Task details:
This exercise requires an exact output of the listing, images omitted.

Available data:
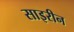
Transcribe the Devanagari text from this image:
साइरीन
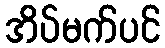
အိပ်မက်ပင်
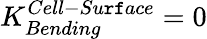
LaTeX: K_{Bending}^{Cell-Su\mathtt{r}\mathtt{f}ace}=0
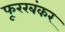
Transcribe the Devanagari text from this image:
फूररबंकर
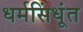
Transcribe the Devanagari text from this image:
धर्मसिंधूंत
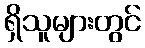
ရှိသူများတွင်
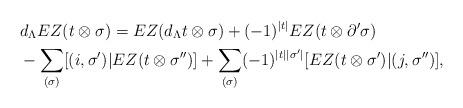
LaTeX: \begin{align*} &d_{\Lambda} EZ(t \otimes \sigma) = EZ( d_{\Lambda} t \otimes \sigma ) + (-1)^{|t|} EZ( t \otimes \partial' \sigma) \\& - \sum_{ (\sigma) } [ (i,\sigma' ) | EZ (t \otimes \sigma'')] + \sum_{ (\sigma) }(-1)^{|t| |\sigma'|} [EZ (t \otimes \sigma') | (j, \sigma'') ],\end{align*}
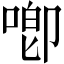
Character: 喞
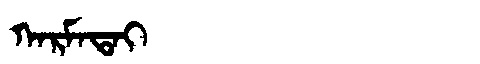
Manchu: ᡴᠠᡵᠮᠠᡨᠠᡳ
Romanization: KARMATAI
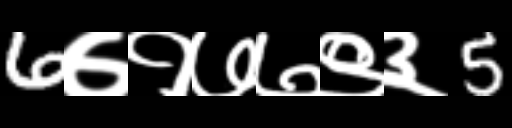
Text: 6७१७७९३5
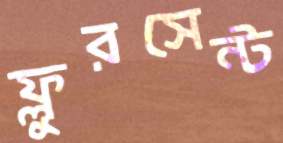
ফ্লুরসেন্ট
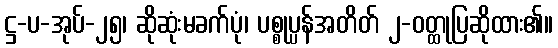
ဋ္ဌ-ပ-အုပ်-၂၅၊ ဆိုဆုံးမခက်ပုံ၊ ပစ္စုပ္ပန်အတိတ် ၂-ဝတ္ထုပြဆိုထား၏။
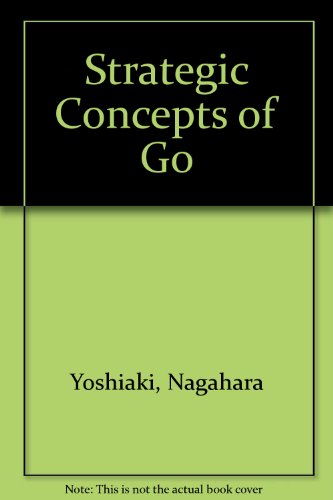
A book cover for Strategic Concepts of Go; Nagahara Yoshiaki; Science Fiction & Fantasy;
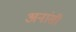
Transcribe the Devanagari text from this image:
अनांसी
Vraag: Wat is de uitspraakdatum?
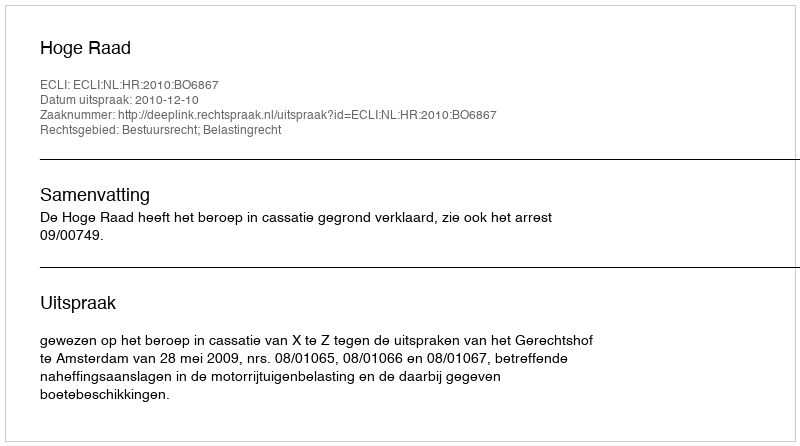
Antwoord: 2010-12-10
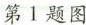
第1题图
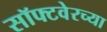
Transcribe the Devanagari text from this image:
सॉफ्टवेरच्या
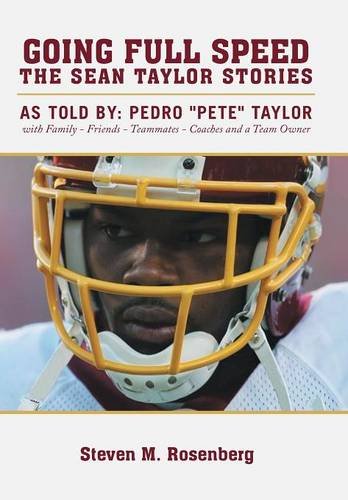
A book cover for Going Full Speed: The Sean Taylor Stories; Steven M. Rosenberg; Biographies & Memoirs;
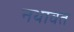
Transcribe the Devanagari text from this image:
नथावत
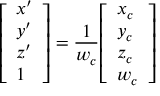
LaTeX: { \left[ \begin{array} { l } { x ^ { \prime } } \\ { y ^ { \prime } } \\ { z ^ { \prime } } \\ { 1 } \end{array} \right] } = { \frac { 1 } { w _ { c } } } { \left[ \begin{array} { l } { x _ { c } } \\ { y _ { c } } \\ { z _ { c } } \\ { w _ { c } } \end{array} \right] }
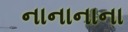
નાનાનાના
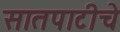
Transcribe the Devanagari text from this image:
सातपाटीचे
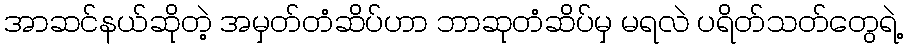
အာဆင်နယ်ဆိုတဲ့ အမှတ်တံဆိပ်ဟာ ဘာဆုတံဆိပ်မှ မရလဲ ပရိတ်သတ်တွေရဲ့
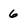
Character: 6
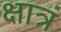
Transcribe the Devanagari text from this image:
क्षात्रं
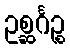
ဥစ္ဆင်္ဂဉ္စ
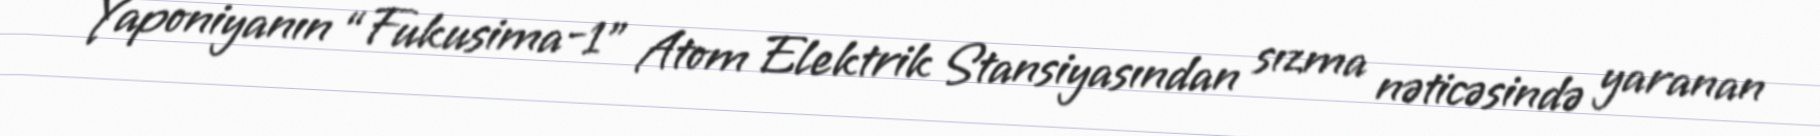
Yaponiyanın “Fukusima-1” Atom Elektrik Stansiyasından sızma nəticəsində yaranan
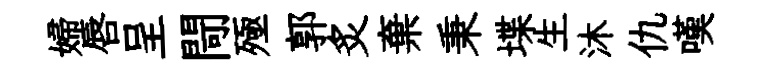
婦唇呈閜殛郭炙棄秉堞生沐仇嘆
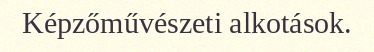
Képzőművészeti alkotások.
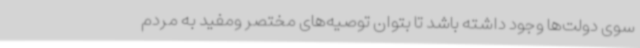
سوی دولت‌ها وجود داشته باشد تا بتوان توصیه‌های مختصر ومفید به مردم
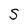
Character: S
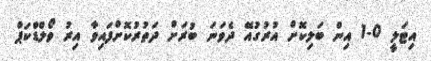
އިޓަލީ 0-1 އިން ބަލިކޮށް އުރުގުއޭ ދެވަނަ ބުރަށް ދަތުރުކޮށްފައިވާ އިރު ވޯލްޑްކަޕް
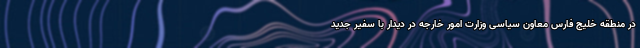
در منطقه خلیج فارس معاون سیاسی وزارت امور خارجه در دیدار با سفیر جدید
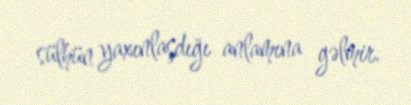
sülhün yaxınlaşdığı anlamına gəlmir.
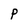
Character: P
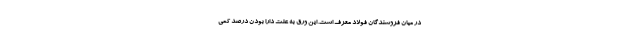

Problem solution:
Transcribe the Devanagari text from this image:
साइरीन
အိပ်မက်ပင်
LaTeX: K_{Bending}^{Cell-Su\mathtt{r}\mathtt{f}ace}=0
Transcribe the Devanagari text from this image:
फूररबंकर
Transcribe the Devanagari text from this image:
धर्मसिंधूंत
ရှိသူများတွင်
LaTeX: \begin{align*} &d_{\Lambda} EZ(t \otimes \sigma) = EZ( d_{\Lambda} t \otimes \sigma ) + (-1)^{|t|} EZ( t \otimes \partial' \sigma) \\& - \sum_{ (\sigma) } [ (i,\sigma' ) | EZ (t \otimes \sigma'')] + \sum_{ (\sigma) }(-1)^{|t| |\sigma'|} [EZ (t \otimes \sigma') | (j, \sigma'') ],\end{align*}
Character: 喞
Manchu: ᡴᠠᡵᠮᠠᡨᠠᡳ
Romanization: KARMATAI
Text: 6७१७७९३5
ফ্লুরসেন্ট
ဋ္ဌ-ပ-အုပ်-၂၅၊ ဆိုဆုံးမခက်ပုံ၊ ပစ္စုပ္ပန်အတိတ် ၂-ဝတ္ထုပြဆိုထား၏။
A book cover for Strategic Concepts of Go; Nagahara Yoshiaki; Science Fiction & Fantasy;
Transcribe the Devanagari text from this image:
अनांसी
Vraag: Wat is de uitspraakdatum?
Antwoord: 2010-12-10
第1题图
Transcribe the Devanagari text from this image:
सॉफ्टवेरच्या
A book cover for Going Full Speed: The Sean Taylor Stories; Steven M. Rosenberg; Biographies & Memoirs;
Transcribe the Devanagari text from this image:
नथावत
LaTeX: { \left[ \begin{array} { l } { x ^ { \prime } } \\ { y ^ { \prime } } \\ { z ^ { \prime } } \\ { 1 } \end{array} \right] } = { \frac { 1 } { w _ { c } } } { \left[ \begin{array} { l } { x _ { c } } \\ { y _ { c } } \\ { z _ { c } } \\ { w _ { c } } \end{array} \right] }
નાનાનાના
Transcribe the Devanagari text from this image:
सातपाटीचे
အာဆင်နယ်ဆိုတဲ့ အမှတ်တံဆိပ်ဟာ ဘာဆုတံဆိပ်မှ မရလဲ ပရိတ်သတ်တွေရဲ့
Character: 6
Transcribe the Devanagari text from this image:
क्षात्रं
ဥစ္ဆင်္ဂဉ္စ
Yaponiyanın “Fukusima-1” Atom Elektrik Stansiyasından sızma nəticəsində yaranan
婦唇呈閜殛郭炙棄秉堞生沐仇嘆
Képzőművészeti alkotások.
سوی دولت‌ها وجود داشته باشد تا بتوان توصیه‌های مختصر ومفید به مردم
Character: S
އިޓަލީ 0-1 އިން ބަލިކޮށް އުރުގުއޭ ދެވަނަ ބުރަށް ދަތުރުކޮށްފައިވާ އިރު ވޯލްޑްކަޕް
در منطقه خلیج فارس معاون سیاسی وزارت امور خارجه در دیدار با سفیر جدید
sülhün yaxınlaşdığı anlamına gəlmir.
Character: P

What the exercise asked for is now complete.